- Court: Court of Appeal
- Citation: [2002] EWCA Civ 464

Keywords
- Transfer of undertakings

= RCO Support Services Ltd v Unison =

RCO Support Services v Unison [2002] EWCA Civ 464 is a UK labour law case concerning transfers of undertakings, and the job security rights of employees.

==Facts==
Patient services of the Walton branch of Aintree Hospitals NHS Trust were transferred to two wards in Fazakerley. Cleaners, through ‘Initial Hospital Services’, had refused to take jobs, on worse terms, with RCO doing the same thing. RCO won the contract, partly, by giving an assurance that TUPE would not apply. RCO relied heavily on Süzen, and argued that if neither assets nor workforce were transferred, there could be no TUPE application. Unison argued Süzen favoured its position.

The EAT noted that it was not sorry to conclude that the Tribunal was correct to hold there was a transfer of an entity which retained its identity.
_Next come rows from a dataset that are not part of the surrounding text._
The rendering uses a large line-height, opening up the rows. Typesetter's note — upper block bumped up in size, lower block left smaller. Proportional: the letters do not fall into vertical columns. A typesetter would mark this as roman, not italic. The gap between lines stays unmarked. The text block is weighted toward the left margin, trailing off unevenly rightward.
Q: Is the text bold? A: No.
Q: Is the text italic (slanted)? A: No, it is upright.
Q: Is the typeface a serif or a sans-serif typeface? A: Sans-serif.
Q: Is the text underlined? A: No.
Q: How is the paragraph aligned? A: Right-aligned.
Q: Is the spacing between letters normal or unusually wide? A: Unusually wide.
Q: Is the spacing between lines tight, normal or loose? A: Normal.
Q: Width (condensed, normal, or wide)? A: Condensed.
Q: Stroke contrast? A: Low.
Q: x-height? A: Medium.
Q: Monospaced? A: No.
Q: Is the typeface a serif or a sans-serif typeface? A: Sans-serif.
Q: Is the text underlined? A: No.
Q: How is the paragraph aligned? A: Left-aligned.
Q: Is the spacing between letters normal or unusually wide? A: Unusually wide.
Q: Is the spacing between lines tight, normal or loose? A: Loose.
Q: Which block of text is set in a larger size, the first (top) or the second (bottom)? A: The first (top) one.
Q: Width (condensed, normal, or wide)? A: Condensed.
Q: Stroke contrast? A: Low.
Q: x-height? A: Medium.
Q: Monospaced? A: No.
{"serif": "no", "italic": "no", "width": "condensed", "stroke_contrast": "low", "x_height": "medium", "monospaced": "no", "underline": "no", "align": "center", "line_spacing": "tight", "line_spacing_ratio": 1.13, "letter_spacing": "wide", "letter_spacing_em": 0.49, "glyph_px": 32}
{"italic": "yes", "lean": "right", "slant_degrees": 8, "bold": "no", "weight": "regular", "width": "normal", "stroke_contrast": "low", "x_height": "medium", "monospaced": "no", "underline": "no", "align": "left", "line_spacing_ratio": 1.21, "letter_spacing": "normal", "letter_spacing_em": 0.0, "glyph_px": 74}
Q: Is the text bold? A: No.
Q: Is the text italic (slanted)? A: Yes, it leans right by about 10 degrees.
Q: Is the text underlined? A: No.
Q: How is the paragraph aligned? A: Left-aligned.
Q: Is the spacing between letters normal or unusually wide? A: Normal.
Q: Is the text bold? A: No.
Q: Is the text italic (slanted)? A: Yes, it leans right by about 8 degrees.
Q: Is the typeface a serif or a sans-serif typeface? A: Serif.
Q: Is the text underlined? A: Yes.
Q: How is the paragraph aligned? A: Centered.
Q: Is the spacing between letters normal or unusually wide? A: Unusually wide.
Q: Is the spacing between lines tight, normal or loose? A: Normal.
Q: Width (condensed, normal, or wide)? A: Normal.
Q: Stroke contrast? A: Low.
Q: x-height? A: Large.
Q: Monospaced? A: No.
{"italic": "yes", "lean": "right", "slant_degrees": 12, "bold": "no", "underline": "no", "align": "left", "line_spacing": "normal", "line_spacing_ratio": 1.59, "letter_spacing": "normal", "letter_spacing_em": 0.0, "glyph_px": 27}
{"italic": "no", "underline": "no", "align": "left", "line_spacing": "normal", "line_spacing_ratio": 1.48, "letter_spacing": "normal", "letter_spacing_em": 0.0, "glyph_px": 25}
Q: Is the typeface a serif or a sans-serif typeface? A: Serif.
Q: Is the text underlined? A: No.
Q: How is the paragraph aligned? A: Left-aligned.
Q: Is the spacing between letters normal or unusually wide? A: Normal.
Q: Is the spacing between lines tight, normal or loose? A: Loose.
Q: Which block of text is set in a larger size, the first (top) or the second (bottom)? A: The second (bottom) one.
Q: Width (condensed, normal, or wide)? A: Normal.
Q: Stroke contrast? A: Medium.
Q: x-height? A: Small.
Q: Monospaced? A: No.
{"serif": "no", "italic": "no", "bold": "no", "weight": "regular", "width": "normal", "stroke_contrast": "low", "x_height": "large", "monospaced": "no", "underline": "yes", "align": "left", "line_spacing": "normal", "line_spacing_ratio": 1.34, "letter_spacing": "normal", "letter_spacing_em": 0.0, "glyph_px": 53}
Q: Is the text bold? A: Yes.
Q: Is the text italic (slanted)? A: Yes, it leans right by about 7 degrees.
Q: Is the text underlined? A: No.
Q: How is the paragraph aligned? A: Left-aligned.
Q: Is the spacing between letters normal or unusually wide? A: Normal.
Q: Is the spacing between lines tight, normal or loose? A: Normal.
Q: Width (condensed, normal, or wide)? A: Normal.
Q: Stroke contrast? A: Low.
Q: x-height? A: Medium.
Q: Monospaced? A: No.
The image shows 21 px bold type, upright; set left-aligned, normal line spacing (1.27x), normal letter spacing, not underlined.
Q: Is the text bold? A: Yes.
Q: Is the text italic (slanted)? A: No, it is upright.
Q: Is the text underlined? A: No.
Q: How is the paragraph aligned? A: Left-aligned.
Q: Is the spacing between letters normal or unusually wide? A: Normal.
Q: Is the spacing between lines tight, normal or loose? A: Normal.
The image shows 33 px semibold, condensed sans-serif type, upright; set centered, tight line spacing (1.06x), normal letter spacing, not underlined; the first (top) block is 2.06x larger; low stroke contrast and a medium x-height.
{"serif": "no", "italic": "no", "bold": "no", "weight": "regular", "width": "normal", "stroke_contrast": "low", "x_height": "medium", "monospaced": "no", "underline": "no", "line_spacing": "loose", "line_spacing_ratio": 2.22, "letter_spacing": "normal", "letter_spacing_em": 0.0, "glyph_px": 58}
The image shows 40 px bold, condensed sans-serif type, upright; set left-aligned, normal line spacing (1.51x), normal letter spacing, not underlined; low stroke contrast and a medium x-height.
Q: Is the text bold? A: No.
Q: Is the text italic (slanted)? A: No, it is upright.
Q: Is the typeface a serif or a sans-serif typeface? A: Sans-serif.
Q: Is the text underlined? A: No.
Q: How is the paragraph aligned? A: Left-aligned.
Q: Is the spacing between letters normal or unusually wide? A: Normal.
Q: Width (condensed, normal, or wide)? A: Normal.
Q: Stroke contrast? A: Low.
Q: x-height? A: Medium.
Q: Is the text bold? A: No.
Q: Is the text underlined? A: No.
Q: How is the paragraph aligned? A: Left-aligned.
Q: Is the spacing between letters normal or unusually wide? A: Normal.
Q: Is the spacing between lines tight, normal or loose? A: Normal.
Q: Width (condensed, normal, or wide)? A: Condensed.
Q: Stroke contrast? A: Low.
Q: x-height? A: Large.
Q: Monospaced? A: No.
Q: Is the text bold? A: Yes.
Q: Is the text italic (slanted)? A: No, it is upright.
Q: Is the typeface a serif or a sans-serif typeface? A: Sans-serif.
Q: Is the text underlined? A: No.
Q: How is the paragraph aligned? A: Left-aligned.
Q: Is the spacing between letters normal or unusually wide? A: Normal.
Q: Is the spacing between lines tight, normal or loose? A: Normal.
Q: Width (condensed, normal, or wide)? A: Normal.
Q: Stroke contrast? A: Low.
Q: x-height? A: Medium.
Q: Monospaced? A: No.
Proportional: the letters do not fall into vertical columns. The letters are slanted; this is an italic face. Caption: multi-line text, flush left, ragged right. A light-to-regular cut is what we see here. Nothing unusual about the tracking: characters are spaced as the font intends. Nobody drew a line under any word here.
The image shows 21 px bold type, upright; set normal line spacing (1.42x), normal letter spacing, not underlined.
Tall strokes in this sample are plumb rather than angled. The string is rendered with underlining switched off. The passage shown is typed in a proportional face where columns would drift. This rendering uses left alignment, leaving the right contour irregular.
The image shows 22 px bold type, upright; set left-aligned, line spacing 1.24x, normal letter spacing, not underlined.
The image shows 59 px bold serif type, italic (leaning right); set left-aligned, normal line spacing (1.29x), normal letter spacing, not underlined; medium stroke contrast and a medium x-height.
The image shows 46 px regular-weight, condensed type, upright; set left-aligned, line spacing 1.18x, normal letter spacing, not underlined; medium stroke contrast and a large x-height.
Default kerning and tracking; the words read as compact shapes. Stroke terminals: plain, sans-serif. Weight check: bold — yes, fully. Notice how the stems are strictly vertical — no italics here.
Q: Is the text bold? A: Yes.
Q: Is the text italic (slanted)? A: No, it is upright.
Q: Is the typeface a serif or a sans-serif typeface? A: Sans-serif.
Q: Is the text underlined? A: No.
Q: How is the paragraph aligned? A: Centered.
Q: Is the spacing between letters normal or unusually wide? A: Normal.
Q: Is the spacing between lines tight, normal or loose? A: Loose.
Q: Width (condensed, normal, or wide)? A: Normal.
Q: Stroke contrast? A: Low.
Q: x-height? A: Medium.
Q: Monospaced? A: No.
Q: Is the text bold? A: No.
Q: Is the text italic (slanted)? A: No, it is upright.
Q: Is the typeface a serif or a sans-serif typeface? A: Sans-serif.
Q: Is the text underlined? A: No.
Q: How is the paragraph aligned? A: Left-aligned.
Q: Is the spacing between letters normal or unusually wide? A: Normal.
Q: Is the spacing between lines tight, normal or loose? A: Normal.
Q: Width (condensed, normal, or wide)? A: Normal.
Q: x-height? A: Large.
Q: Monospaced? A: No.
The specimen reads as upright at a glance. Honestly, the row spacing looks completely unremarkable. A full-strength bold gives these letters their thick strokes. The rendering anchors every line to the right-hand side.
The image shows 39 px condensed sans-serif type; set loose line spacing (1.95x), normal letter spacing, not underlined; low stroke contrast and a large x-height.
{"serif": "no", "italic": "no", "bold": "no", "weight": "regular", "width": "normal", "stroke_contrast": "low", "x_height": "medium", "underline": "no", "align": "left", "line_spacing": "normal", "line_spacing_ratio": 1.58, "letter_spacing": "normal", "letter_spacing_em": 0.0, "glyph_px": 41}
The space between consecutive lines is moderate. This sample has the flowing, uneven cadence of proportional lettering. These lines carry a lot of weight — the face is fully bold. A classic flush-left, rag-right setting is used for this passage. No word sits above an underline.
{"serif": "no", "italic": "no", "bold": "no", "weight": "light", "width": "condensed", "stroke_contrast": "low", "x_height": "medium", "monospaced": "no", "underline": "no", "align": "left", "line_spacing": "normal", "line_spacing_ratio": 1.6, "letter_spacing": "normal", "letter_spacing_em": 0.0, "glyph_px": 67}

Were it otherwise, new contractors could simply avoid TUPE by not hiring any of the old sacked workers.

==Judgment==
Mummery LJ noted that RCO relied on Paul Davies’ discussion of the ‘checkered history’ of the background to the Süzen decision. He agreed, all the circumstances should be taken into account. He agreed with RCO's submission that subjective motive is not a real issue. But the offer by RCO to the workers to resign from Initial and join them could be considered.